START Source material

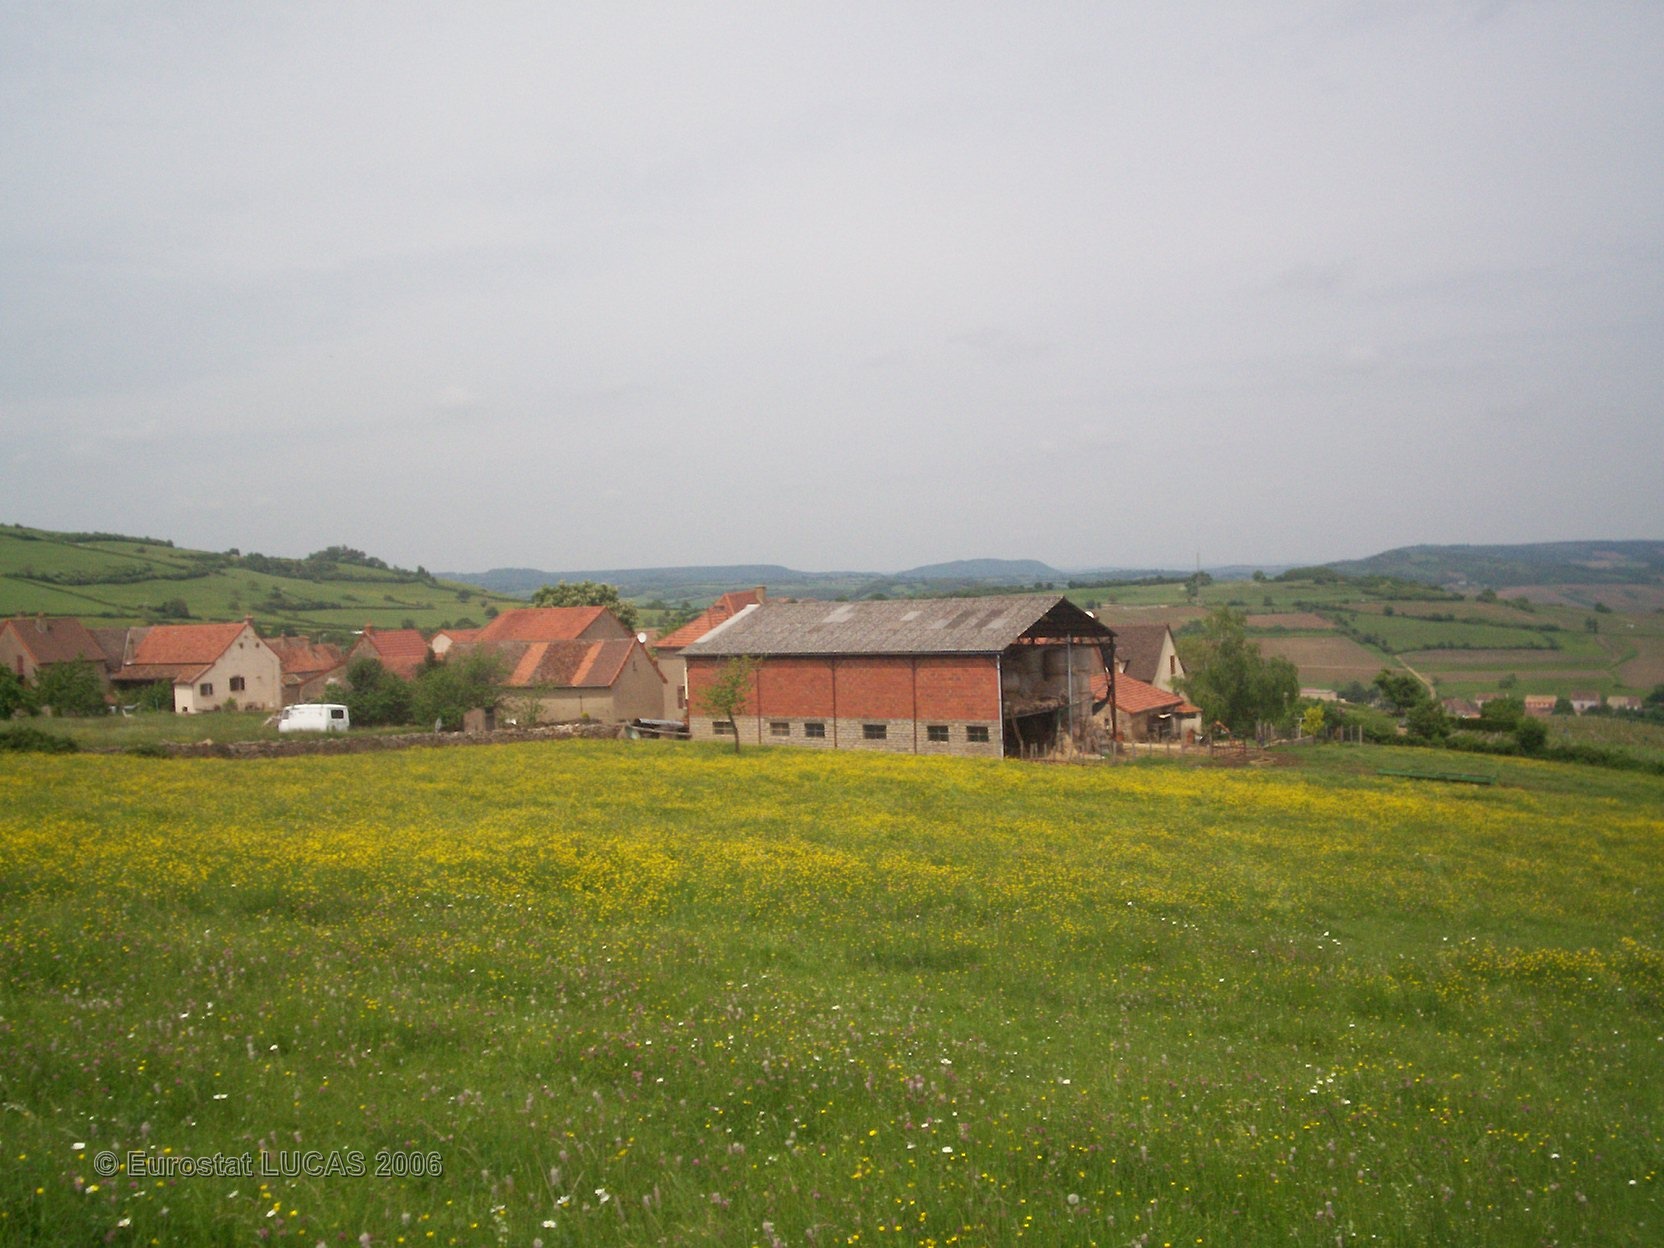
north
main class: Grassland
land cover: Grassland without tree/shrub cover
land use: Agriculture (excluding fallow land and kitchen gardens)
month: May
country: FR
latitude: 46.7240
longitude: 4.6759
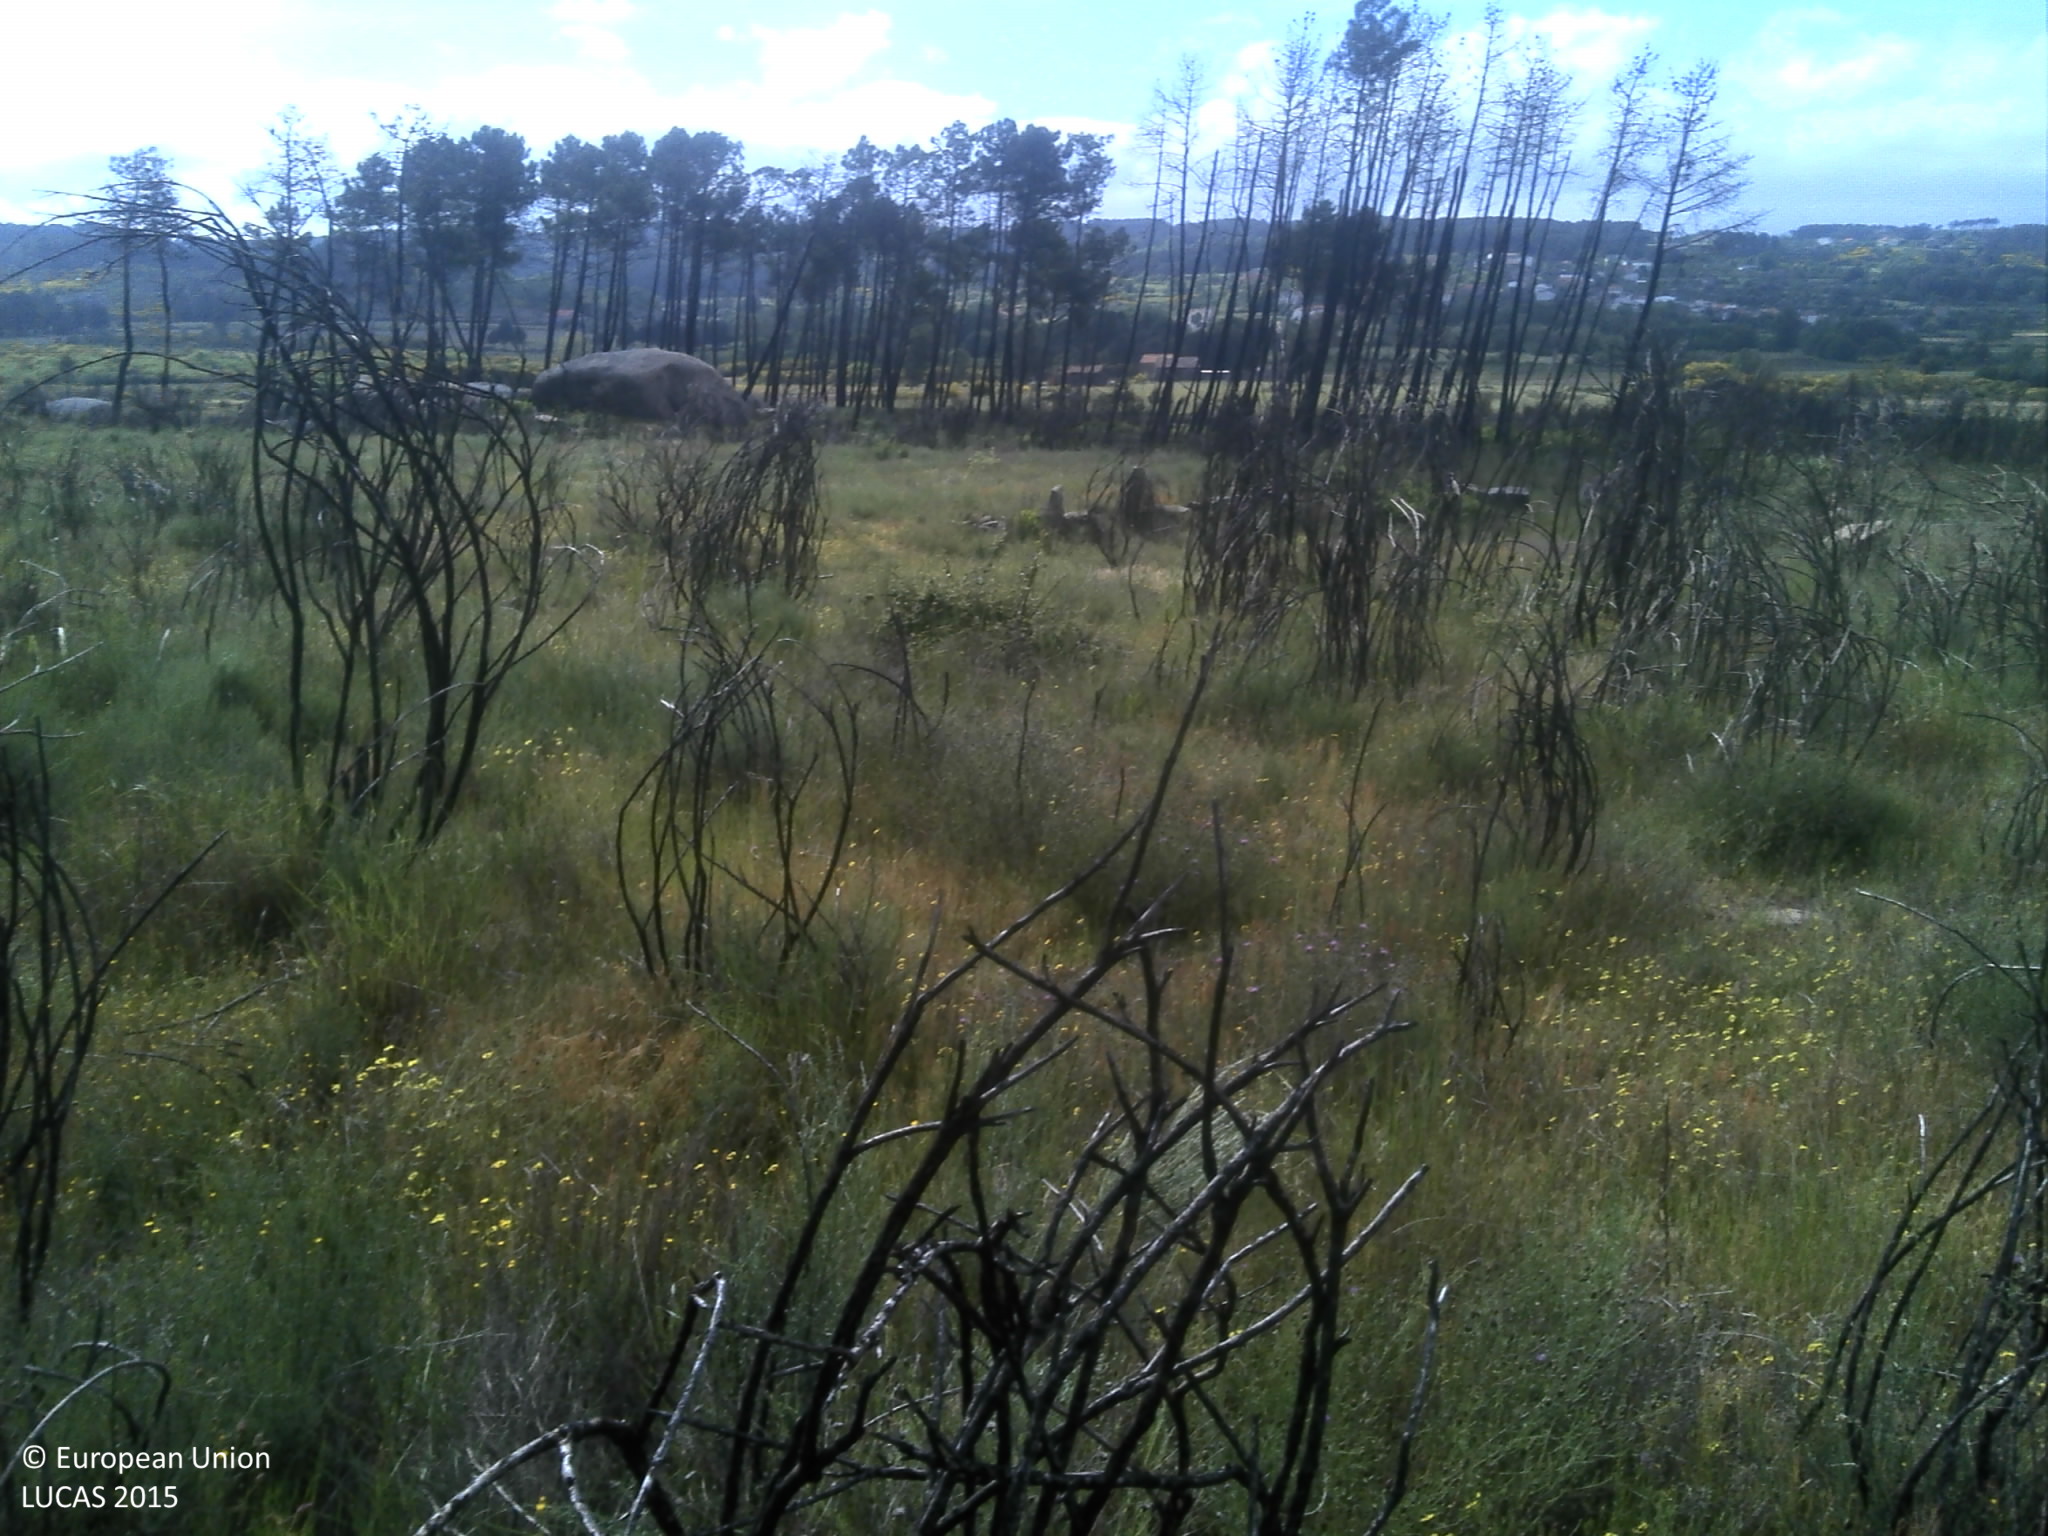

END Source material

**Exercise details:**
A verbatim copy is needed of the lines running from the line with "main class: Grassland" to the end of the data above, both included. Keep the pictures out of it.

**Written solution:**
main class: Grassland
land cover: Grassland without tree/shrub cover
land use: Agriculture (excluding fallow land and kitchen gardens)
month: May
country: FR
latitude: 46.7240
longitude: 4.6759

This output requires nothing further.